- [PROBLEM TO SOLVE]: Repeat the entries that follow verbatim, without any of their pictures.

Stored items
================

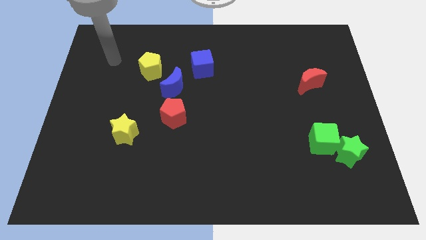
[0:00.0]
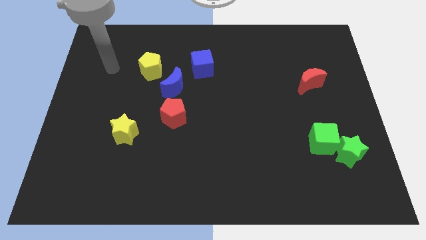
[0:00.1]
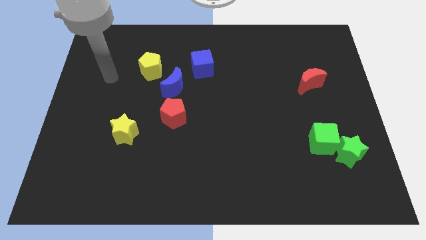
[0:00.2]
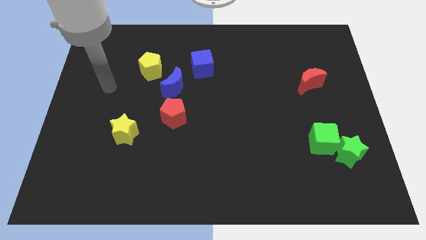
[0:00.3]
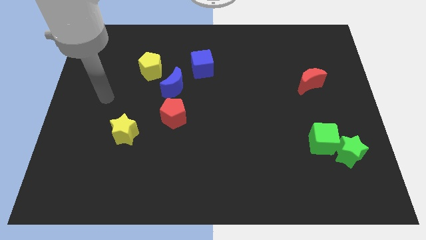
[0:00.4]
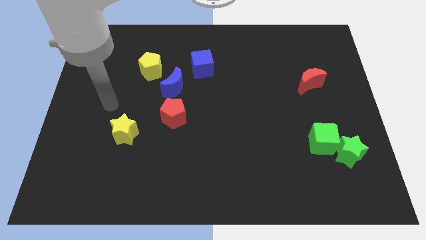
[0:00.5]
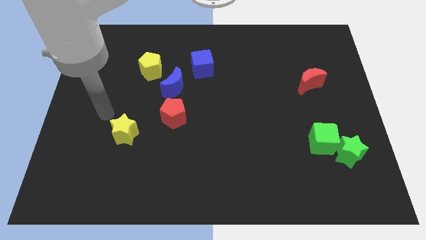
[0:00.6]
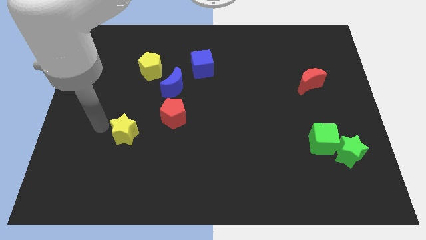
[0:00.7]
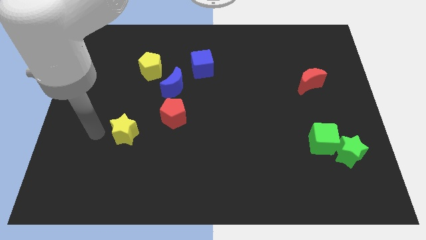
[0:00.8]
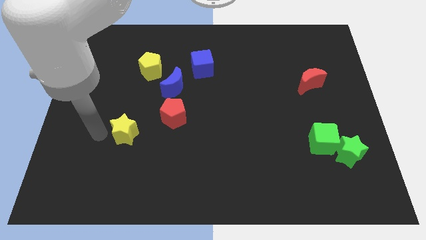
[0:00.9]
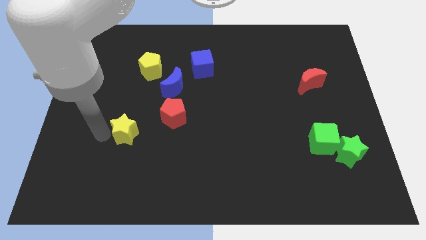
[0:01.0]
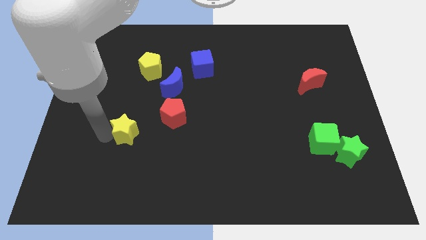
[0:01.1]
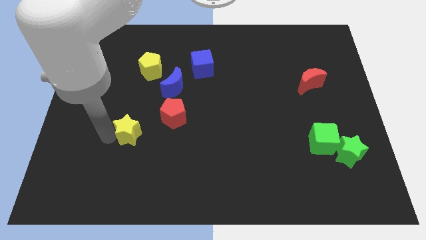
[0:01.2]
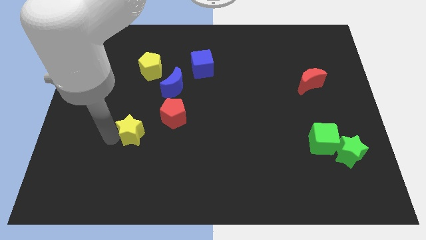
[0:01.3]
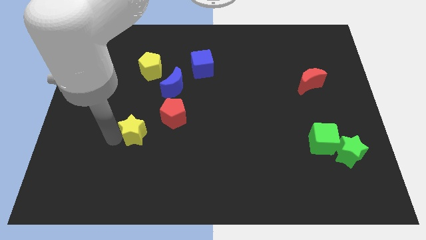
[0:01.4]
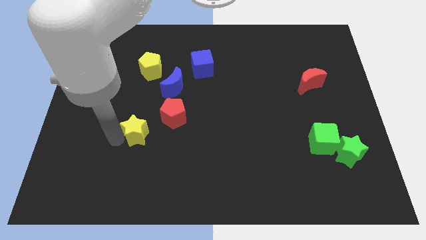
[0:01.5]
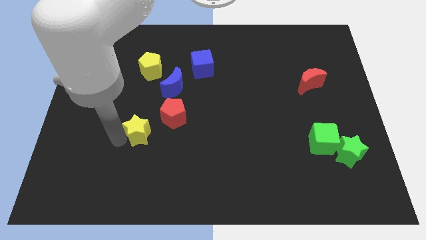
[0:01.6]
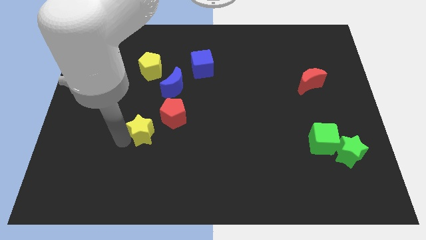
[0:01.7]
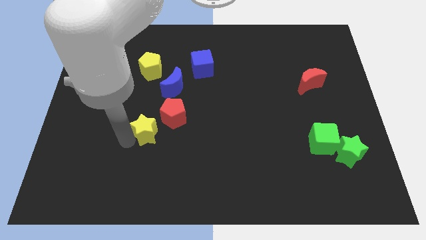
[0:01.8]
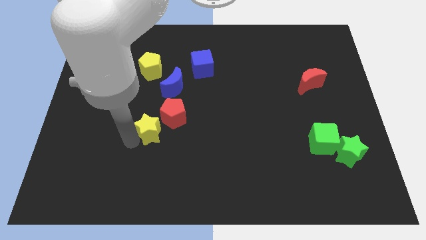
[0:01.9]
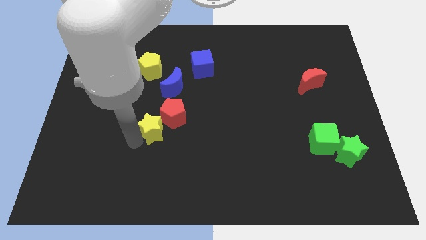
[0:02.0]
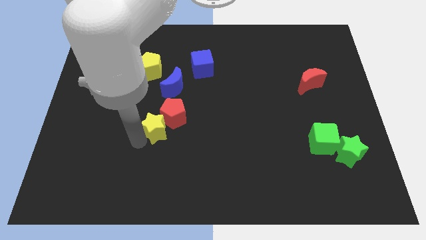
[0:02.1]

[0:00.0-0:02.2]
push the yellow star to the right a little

================

- [COMPLETED EXERCISE]:
[0:00.0]
[0:00.1]
[0:00.2]
[0:00.3]
[0:00.4]
[0:00.5]
[0:00.6]
[0:00.7]
[0:00.8]
[0:00.9]
[0:01.0]
[0:01.1]
[0:01.2]
[0:01.3]
[0:01.4]
[0:01.5]
[0:01.6]
[0:01.7]
[0:01.8]
[0:01.9]
[0:02.0]
[0:02.1]

[0:00.0-0:02.2]
push the yellow star to the right a little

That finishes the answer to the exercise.